Camouflet pour le parquet

Bertrand Gaudillère

La circonstance aggravante d’homophobie a finalement été retenue contre les deux agresseurs d’un jeune homosexuel, en 2007, sur les pentes de la Croix-Rousse.

Le mois dernier, nous vous faisions part de la clémence du Parquet de Lyon vis-à-vis des deux agresseurs de Jérémy et Stéphane, deux jeunes gays victimes à l’automne 2007 d’une agression homophobe sur les pentes de la Croix-Rousse. En dépit des insultes qui avaient précédé les coups et qui n’étaient nullement contestées par les deux accusés («sales pédés, sales tarlouzes, on vous aime pas, on va vous faire la fête»), la procureure de la République n’avait pas retenu la circonstance aggravante d’homophobie et requis six mois de prison avec sursis contre les deux agresseurs, âgés de 21 et 22 ans. Mais le 20 octobre dernier, le président du Tribunal Correctionnel de Lyon en a décidé autrement, estimant qu’«on ne peut pas tenir de tels propos à l’endroit de quelqu’un que l’on ne suppose pas homosexuel». La circonstance aggravante d’homophobie a donc bien été retenue, et les deux agresseurs ont été reconnus coupables de «violences volontaires en réunion en raison de l’orientation sexuelle de la victime». En conséquence de quoi, ils ont été condamnés à huit mois de prison avec sursis (une peine plus sévère, donc, que celle initialement requise) et à verser à Jérémy 2 500€ de dommages et intérêts, ainsi que 2 000€ de frais d’avocat (Stéphane, mineur au moment des faits, n’avait pas souhaité porter plainte). Jérémy était défendu par Maître Gabriel Versini, avocat spécialiste en droit des victimes qui est également l’avocat de la Lesbian & Gay Pride de Lyon. L’association s’était constituée partie civile dans cette affaire, et a également obtenu à ce titre 1 000€ de dommages et intérêts. Pour elle, cette décision «empreinte de sagesse» de la 12e chambre correctionnelle du Tribunal de grande instance de Lyon sonne comme un véritable «camouflet» pour le parquet de Lyon, qui selon elle «refuse d’appliquer les lois qui répriment plus sévèrement les infractions à caractère homophobe». Elle a donc décidé de saisir Michèle Alliot-Marie, ministre de la Justice, ainsi que la Haute-Autorité de Lutte contre les Discriminations et pour l’Égalité, dans l’espoir de mettre un terme à une série de décisions jugées laxistes.

 

Trois questions à David Souvestre, président de la Lesbian & Gay Pride de Lyon

Comment expliquer que la circonstance aggravante d’homophobie n’ait pas été retenue par la procureure le mois dernier ?
Le parquet de Lyon reste empreint de préjugés et fait preuve d’un laxisme manifeste. Les magistrats et les juges ne sont de toute évidence pas sensibilisés à cette question de l’homophobie. On ne s’attendait pas à ce que la procureure de la République retienne la qualification d’homophobie, mais son argumentation nous a vraiment choqués : elle a justifié sa décision en affirmant d’abord que la victime n’avait pas “l’air“ homosexuelle, ensuite que les insultes, qui étaient attestées, relevaient du langage et de l’expression courants. En tant qu’association de défense des homos, nous ne pouvions évidemment pas accepter ce point de vue.
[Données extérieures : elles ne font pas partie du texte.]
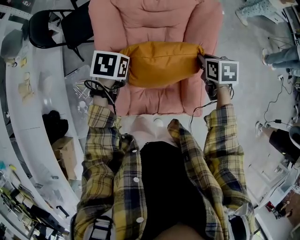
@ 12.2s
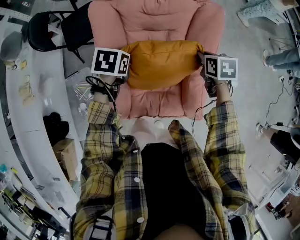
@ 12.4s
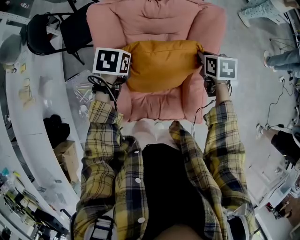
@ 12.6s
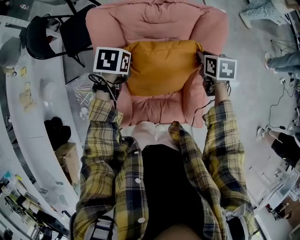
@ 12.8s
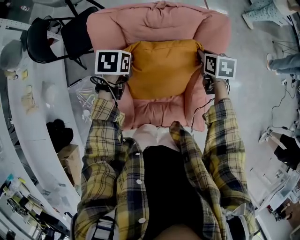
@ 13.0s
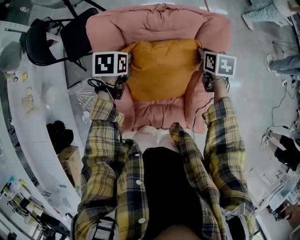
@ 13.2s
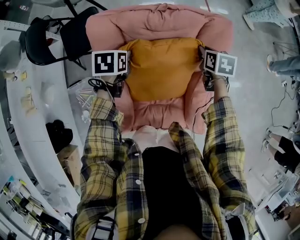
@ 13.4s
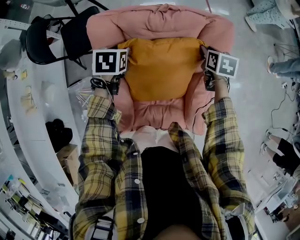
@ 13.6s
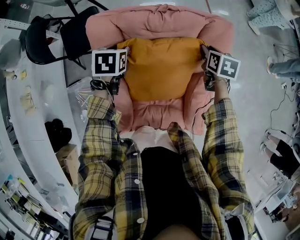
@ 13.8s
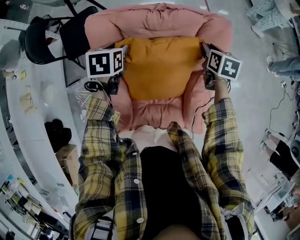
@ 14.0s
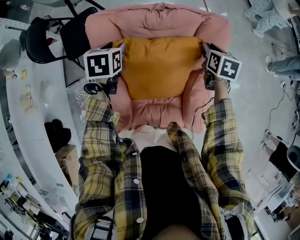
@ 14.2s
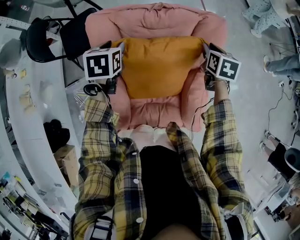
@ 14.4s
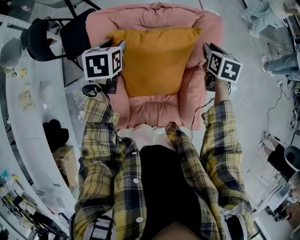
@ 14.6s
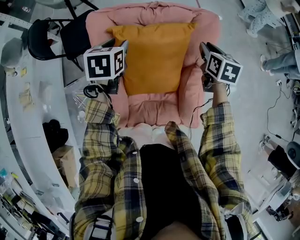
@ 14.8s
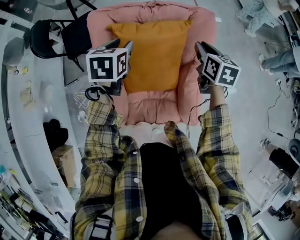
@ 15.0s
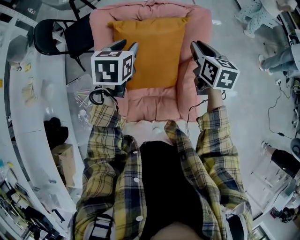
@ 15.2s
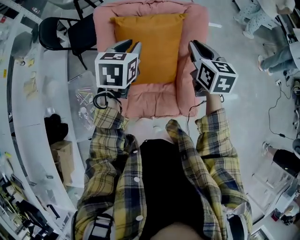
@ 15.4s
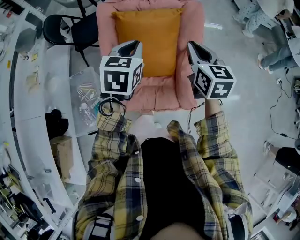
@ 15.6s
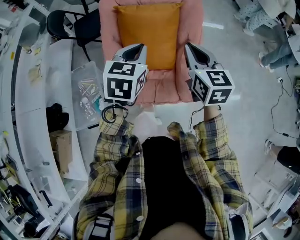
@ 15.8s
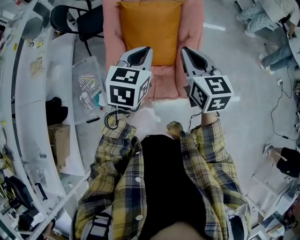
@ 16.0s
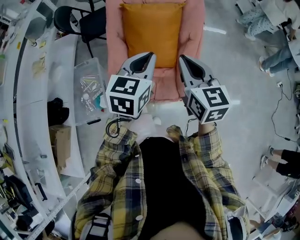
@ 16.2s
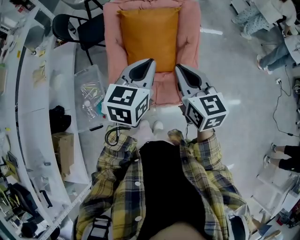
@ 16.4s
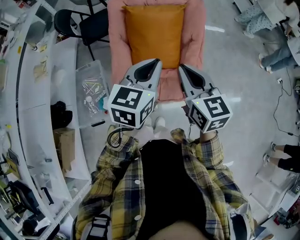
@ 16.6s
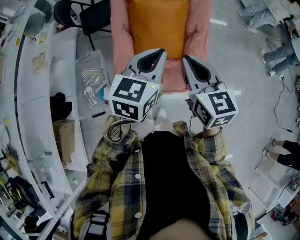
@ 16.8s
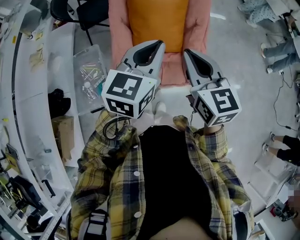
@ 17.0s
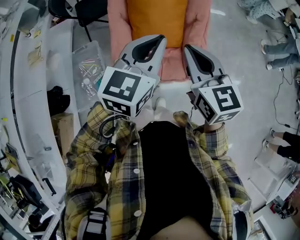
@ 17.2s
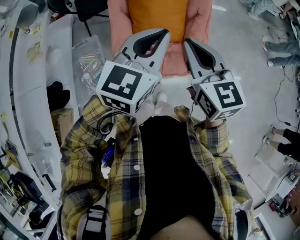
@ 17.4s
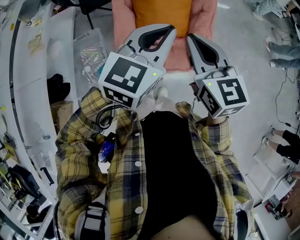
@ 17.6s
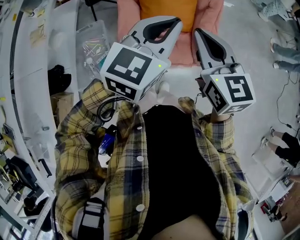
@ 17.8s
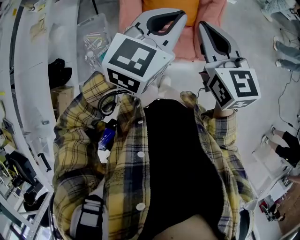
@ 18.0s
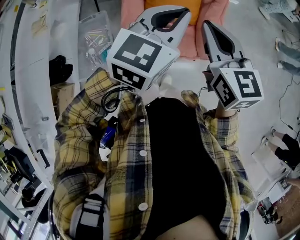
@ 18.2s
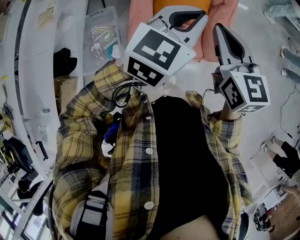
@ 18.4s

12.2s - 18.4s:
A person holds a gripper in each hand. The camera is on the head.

Quel a été le rôle de la Lesbian & gay Pride dans cette affaire, et quelle aide concrète a-t-elle apportée à Jérémy ?
Notre rôle a été tout à fait basique : Jérémy nous a contactés et nous l’avons renvoyé vers un médecin généraliste, puis vers un psychologue et un avocat. Ensuite, nous nous sommes montrés très vigilants vis-à-vis de toutes les actions du parquet, et nous leur avons envoyé un courrier à chaque fois que nous étions en désaccord. Nous nous sommes constitués partie civile, et sans cela, l’issue du procès aurait été bien différente : les agresseurs de Jérémy auraient de toute façon été condamnés, mais la circonstance aggravante d’homophobie n’aurait certainement pas été retenue.

Pensez-vous que l’introduction dans le droit français de la circonstance aggravante d’homophobie, en 2004, a eu un effet dissuasif sur les agressions homophobes ?
e qui est certain, c’est que cette nouveauté du droit français représente une vraie avancée pour les victimes, qui voient les véritables motivations de leurs agresseurs enfin condamnées et qui sont donc incitées à porter plainte. Pour les associations, cela permet également de donner plus de poids à la dénonciation des actes homophobes. Jusqu’en 2004, on ne parlait quasiment pas de ce genre d’agression… Si on veut les faire reculer, il est, impératif de les dénoncer, et donc de les mettre en lumière.